## WORK TO COMPLETE
The line with "Characters follow at" marks where to begin; print it and all lines after it in the material below exactly, skipping pictures.
□ □ □ □ □
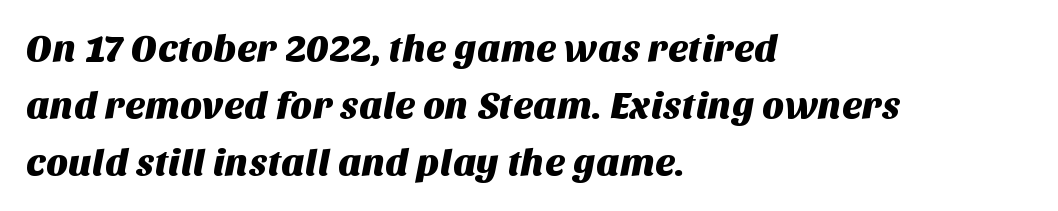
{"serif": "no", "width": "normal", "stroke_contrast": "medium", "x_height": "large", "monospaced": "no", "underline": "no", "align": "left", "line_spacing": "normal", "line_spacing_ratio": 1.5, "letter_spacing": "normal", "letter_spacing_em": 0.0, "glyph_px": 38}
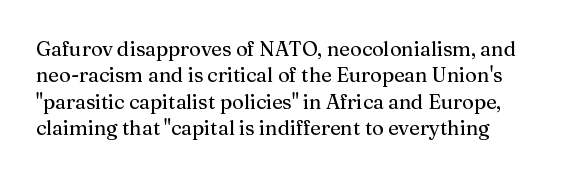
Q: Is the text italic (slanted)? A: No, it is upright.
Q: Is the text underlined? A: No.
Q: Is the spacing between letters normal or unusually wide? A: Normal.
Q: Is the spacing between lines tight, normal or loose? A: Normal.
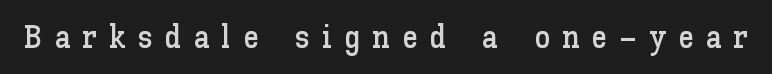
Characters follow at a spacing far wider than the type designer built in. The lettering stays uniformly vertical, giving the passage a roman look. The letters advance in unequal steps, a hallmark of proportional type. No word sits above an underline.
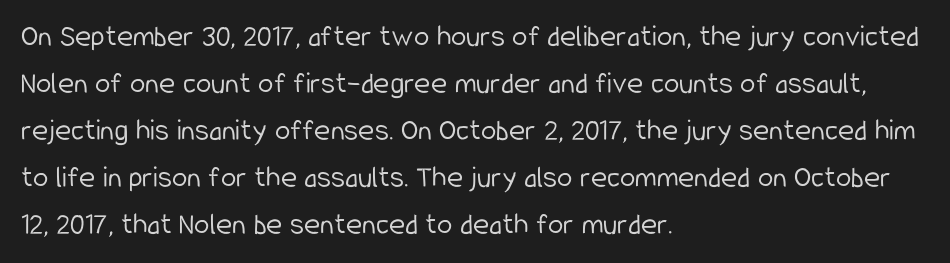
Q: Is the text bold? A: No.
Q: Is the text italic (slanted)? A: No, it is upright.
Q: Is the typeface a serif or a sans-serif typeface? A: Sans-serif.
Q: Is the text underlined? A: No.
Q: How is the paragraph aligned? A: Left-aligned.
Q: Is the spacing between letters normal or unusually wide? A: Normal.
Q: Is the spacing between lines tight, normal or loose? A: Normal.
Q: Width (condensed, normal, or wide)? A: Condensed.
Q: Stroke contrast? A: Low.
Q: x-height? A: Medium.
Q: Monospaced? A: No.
□ □ □ □ □
## WRITTEN ANSWER
Characters follow at a spacing far wider than the type designer built in. The lettering stays uniformly vertical, giving the passage a roman look. The letters advance in unequal steps, a hallmark of proportional type. No word sits above an underline.
Q: Is the text bold? A: No.
Q: Is the text italic (slanted)? A: No, it is upright.
Q: Is the typeface a serif or a sans-serif typeface? A: Sans-serif.
Q: Is the text underlined? A: No.
Q: How is the paragraph aligned? A: Left-aligned.
Q: Is the spacing between letters normal or unusually wide? A: Normal.
Q: Is the spacing between lines tight, normal or loose? A: Normal.
Q: Width (condensed, normal, or wide)? A: Condensed.
Q: Stroke contrast? A: Low.
Q: x-height? A: Medium.
Q: Monospaced? A: No.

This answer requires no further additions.